Justin Brookman, director of technology policy at Consumer Reports, said that e-commerce platforms, especially big names like Amazon, should be held accountable for the harm caused by their products. Eken, Tuck, Amazon, Walmart, Sears, Shein, Temu, and the FCC were also notified by Consumer Reports about these issues.

After being notified by Consumer Reports, Chinese e-commerce platform Temu has removed all doorbell devices using the Aiwit app and manufactured by Eken from its website. In addition, Walmart said that items that do not meet safety, reliability, and regulatory standards will be removed and blocked from the e-commerce platform. Meanwhile, other e-commerce platforms such as Amazon, Sears, and Shein have not yet officially responded to the above issue.

How to secure your doorbell camera?

If you own one of these doorbells, Consumer Reports recommends disconnecting it from your home Wi-Fi and removing it from your door. Consumer Reports has rated smart doorbells with much better security from brands including Logitech, SimpliSafe, and Ring.

While 100% security is extremely difficult to achieve, here are some steps you can take to ensure your doorbell is protected from hackers and third-party espionage:

Choose a reputable brand

Avoid using cheap or unbranded smart doorbells, especially those from unfamiliar manufacturers.

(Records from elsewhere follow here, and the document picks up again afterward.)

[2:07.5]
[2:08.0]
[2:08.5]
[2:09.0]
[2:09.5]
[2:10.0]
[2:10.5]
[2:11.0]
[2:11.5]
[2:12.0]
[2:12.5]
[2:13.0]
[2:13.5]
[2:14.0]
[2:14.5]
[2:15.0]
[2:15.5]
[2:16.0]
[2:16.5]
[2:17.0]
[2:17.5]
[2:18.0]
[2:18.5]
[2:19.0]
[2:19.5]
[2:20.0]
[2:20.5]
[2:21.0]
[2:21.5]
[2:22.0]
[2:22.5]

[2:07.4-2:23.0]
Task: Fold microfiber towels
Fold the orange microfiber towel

Look for devices from well-known brands that have a history of prioritizing security.

Check security features

Make sure your doorbell uses strong encryption to transmit and store video.

Look for features like two-factor authentication (2FA) for logins and activity alerts.

Secure your Wi-Fi network

Use a strong password for your Wi-Fi network and enable encryption (WPA2 or WPA3).

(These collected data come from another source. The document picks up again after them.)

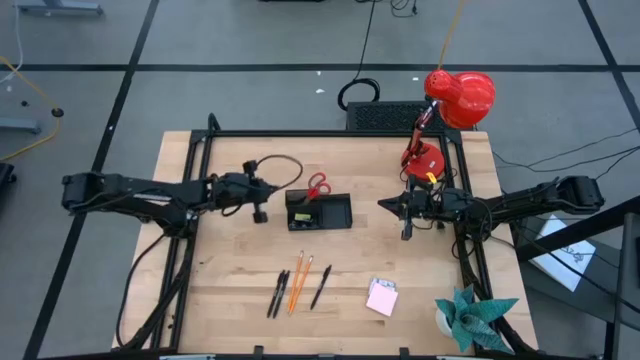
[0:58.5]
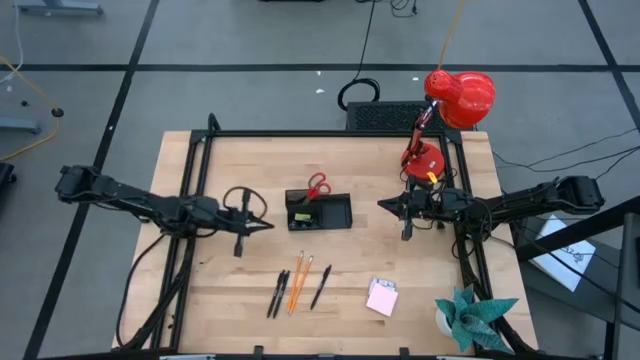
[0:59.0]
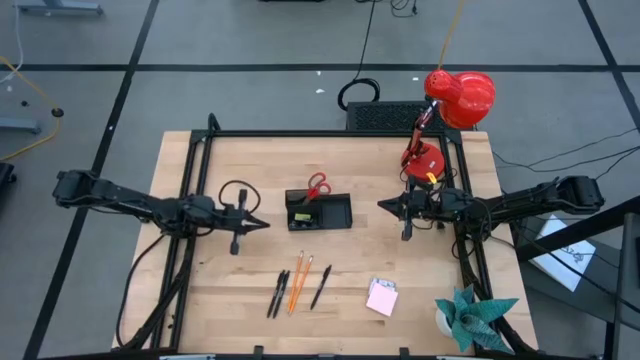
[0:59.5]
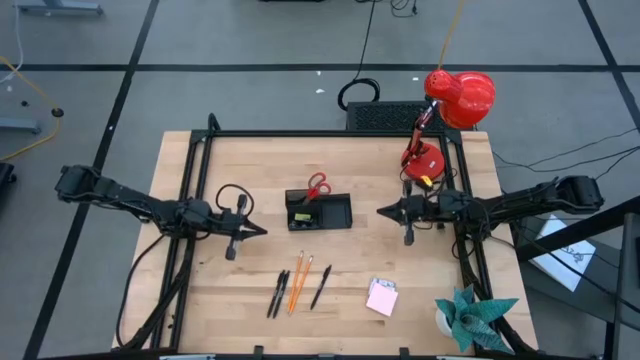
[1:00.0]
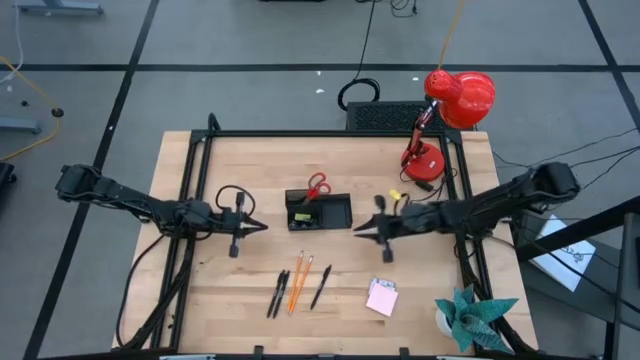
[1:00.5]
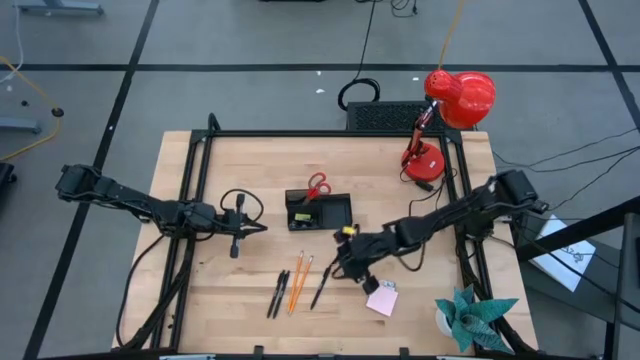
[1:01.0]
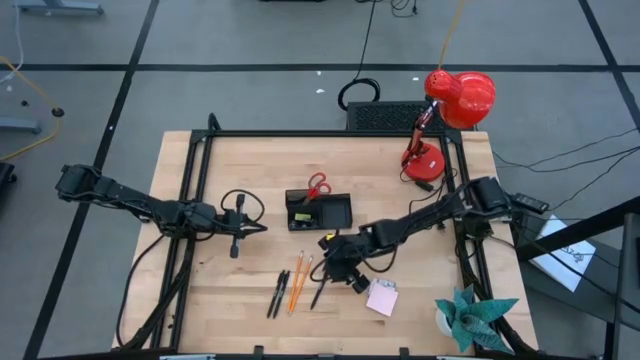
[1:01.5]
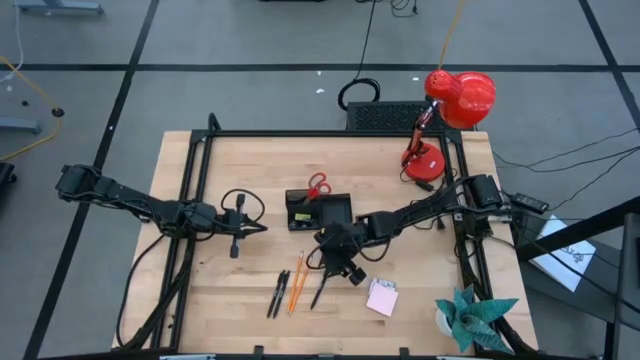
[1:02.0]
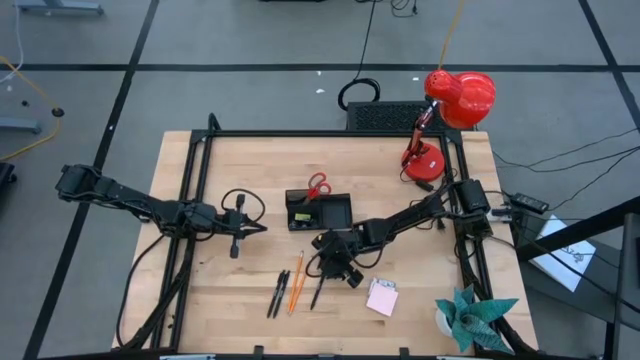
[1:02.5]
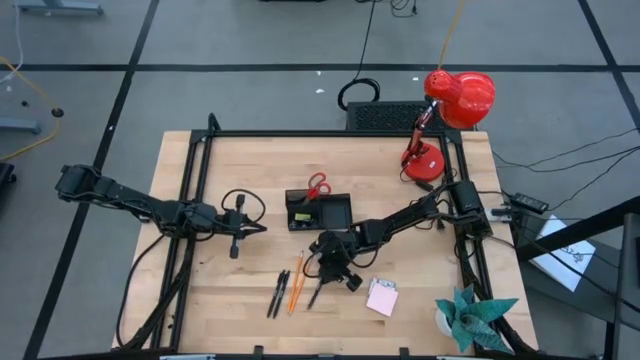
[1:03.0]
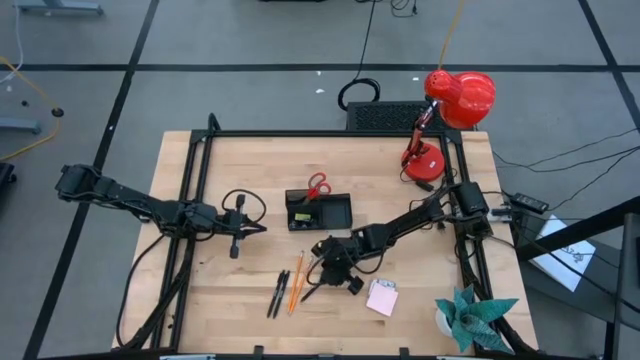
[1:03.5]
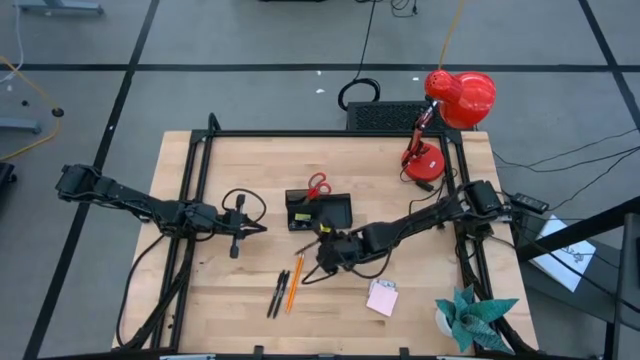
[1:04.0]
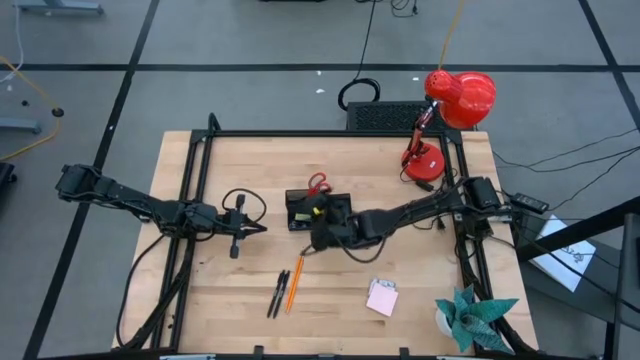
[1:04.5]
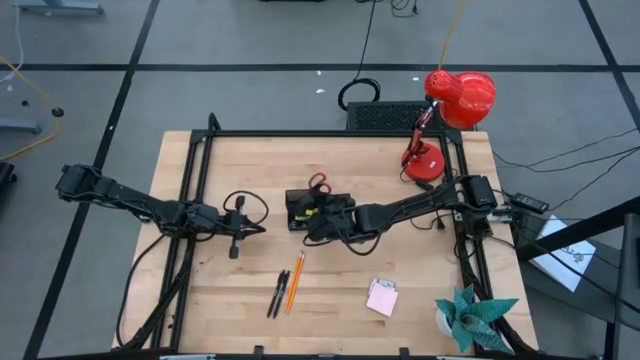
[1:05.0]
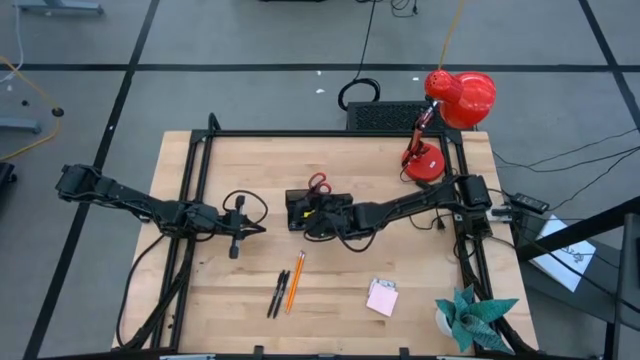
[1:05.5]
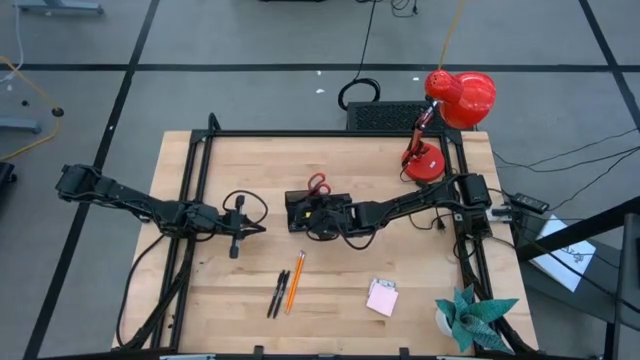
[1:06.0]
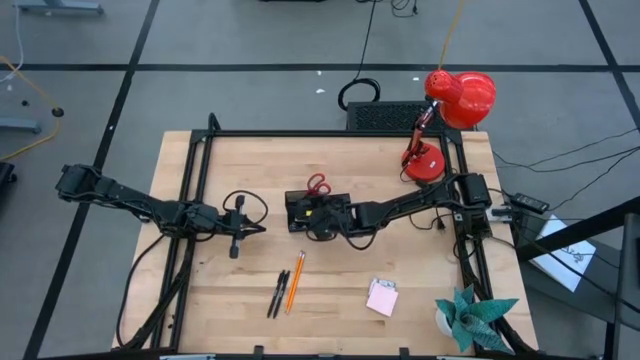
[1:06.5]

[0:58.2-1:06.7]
Task: Pick and place office supplies into organizer
Put the black pen into the desk organizer

Consider creating a separate guest network for devices like doorbells, completely separate from the main network that holds your sensitive data.

Manage application permissions

Only grant the doorbell app the minimum permissions it needs, such as access to the camera and microphone.

Avoid apps from unknown developers and use official apps from the manufacturer.

Always keep your firmware up to date

Regularly update your doorbell firmware to ensure you have the latest security patches and bug fixes.

Turn on automatic updates if available to stay protected.

Activity monitoring

Keep an eye on who has access to your doorbell and monitor activity logs.

Look for any suspicious login attempts or unusual activity.

Review privacy settings

Adjust your doorbell's privacy settings to control which areas are recorded and how long the footage is stored.

Turn off features you don't need, like motion detection in public areas.

Look for the product identification number displayed on your doorbell. Devices without this identification number may be illegal and lack proper security measures.

Make sure your doorbell is physically secure and cannot be easily tampered with.